The second of the sick jokes was in place, too. Literally. And it would stay "in place" for another week after I was released from the hospital. My newly slung bladder and urethra track remained hung over from the anesthesia and I went home with a catheter bag hanging from my arm like a perverted Gucci coochie purse. Back at the ranch, the grandkids thought it was way cool, however. Now I could just lay there on the sofa watching a movie on HBO and not miss a Matrix minute. Not one Morpheus moment would I lose of Neo kicking the shit out of a thousand agent Smiths because I didn't have to waste a precious Zion second going all the way to a bathroom to pee. In their eyes, I was almost as mystical and powerful as the Oracle. The two younger grandsons asked if I would leave the priceless plastic jewel to them in my will. They promised they would alternate wearing it depending on whose favorite show was on at any given time. Very time savvy kids, my grandsons. Although I wasn't planning anytime soon to belly up and shuffle off to Buffalo, I did ponder the thought of revamping my will to include the urine holding grail just as a memento of a dear, little sweet saint of a very, very old when she died grandmother. But then I noticed something very profound! The Oracle wasn't wearing a Gucci coochie bag while she was baking cookies and explaining to Keanu that the end of the world was inevitable. I decided right then and there that if a toilet was good enough for an oracle, it was good enough for me. The other inevitable was that the grandsons would just have to tape their favorite programs and hit the pause button whenever they needed to whiz.

A grandmother has to put her catheter strapped foot down once in a while, you know.


My bladder and urethra track awoke from their coma in exactly a week from the date of the operation. I was so relieved that I could... well... relieve myself without that designer of disgust fashion accessory that I wasn't worried about another single thing. For about one Matrix minute that is, until the doctor went to give me an internal to check on his surgical handiwork. The grand reopening ceremony of Wanton's World was about to commence.

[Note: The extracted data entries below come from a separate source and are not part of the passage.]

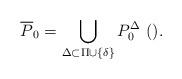
LaTeX: \begin{align*} \overline{P}_{0}=\bigcup_{\Delta \subset \Pi \cup \{\delta\}} P_{0}^{\Delta} \ ().\end{align*}
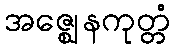
အဇ္ဈေနကုတ္တံ
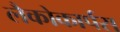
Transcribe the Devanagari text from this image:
लैकोकार्पस
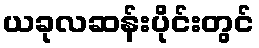
ယခုလဆန်းပိုင်းတွင်
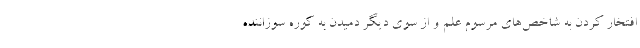
افتخار كردن به شاخص‌هاي مرسوم علم و از سوي ديگر دميدن به كوره سوزاننده
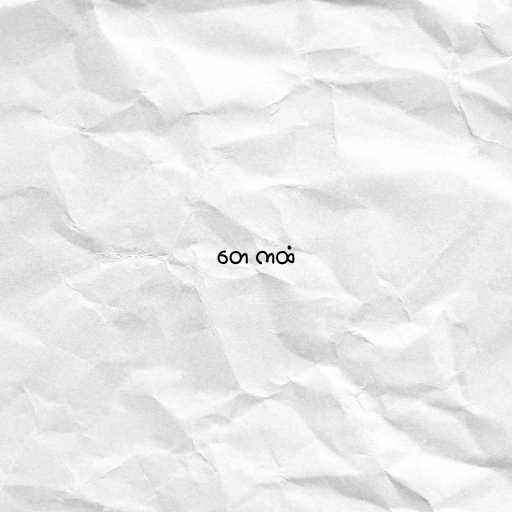
တေ ကထံ
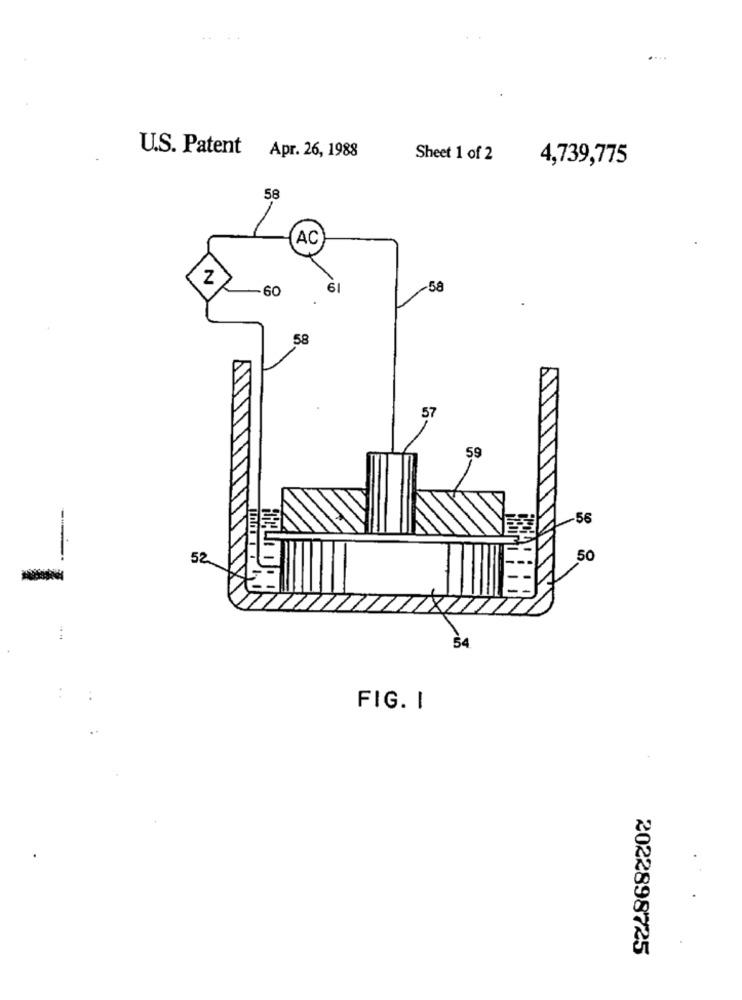
U.S. Patent Apr. 26, 1988
Sheet 1 of 2
4,739,775
58
AC
Z
60
61
58
58
57
59
56
52
50
54
FIG. I
2022898725
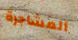
المشاجرة
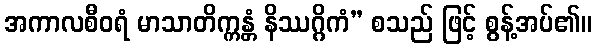
အကာလစီဝရံ မာသာတိက္ကန္တံ နိဿဂ္ဂိကံ” စသည် ဖြင့် စွန့်အပ်၏။
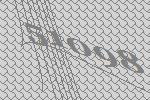
51098
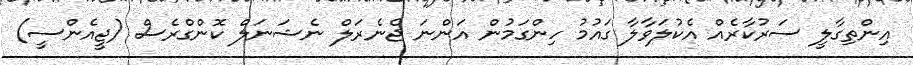
އިންތިގާލީ ސަރުކާރެއް އެކުލަވާލާ ގައުމު ހިންގަމުން އަންނަ ޖެނެރަލް ނެޝަނަލް ކޮންގްރެސް (ޖީއެންސީ)

My gynecologist had, in his medical wisdom, performed an episiotomy after removing and rearranging everything that needed to be internally renovated. Well, that would explain the Frontierland-like feeling at the opening of the pussy pass. It was as though the medicine man was attempting to dig in his spurs and gallop off to the next territory through a nearly impassable trail. I was a hurtin' for certain pardner as I gritted my teeth and dug in my own boots against the doctor's chest. He, in his instinct to protect his ribcage from a cave in, took what in his profession might be called a 'pregnant pause', and waited for the rigor mortis of my body to subside before resuming his ride. After wisely placing my feet into the stirrups this time around, he tried again. Now in a somewhat airless voice, he attempted to explain to me what he had done in the operating room to the roadway to Wanton's World Fantasyland. Meanwhile, he also resumed an Adventureland vaginal canal cruise. But it was already becoming claustrophobically clear that "it's a small world after all" of the surgery. MY small world that I didn't believe could fit another soul - and the soul's cock in ever again.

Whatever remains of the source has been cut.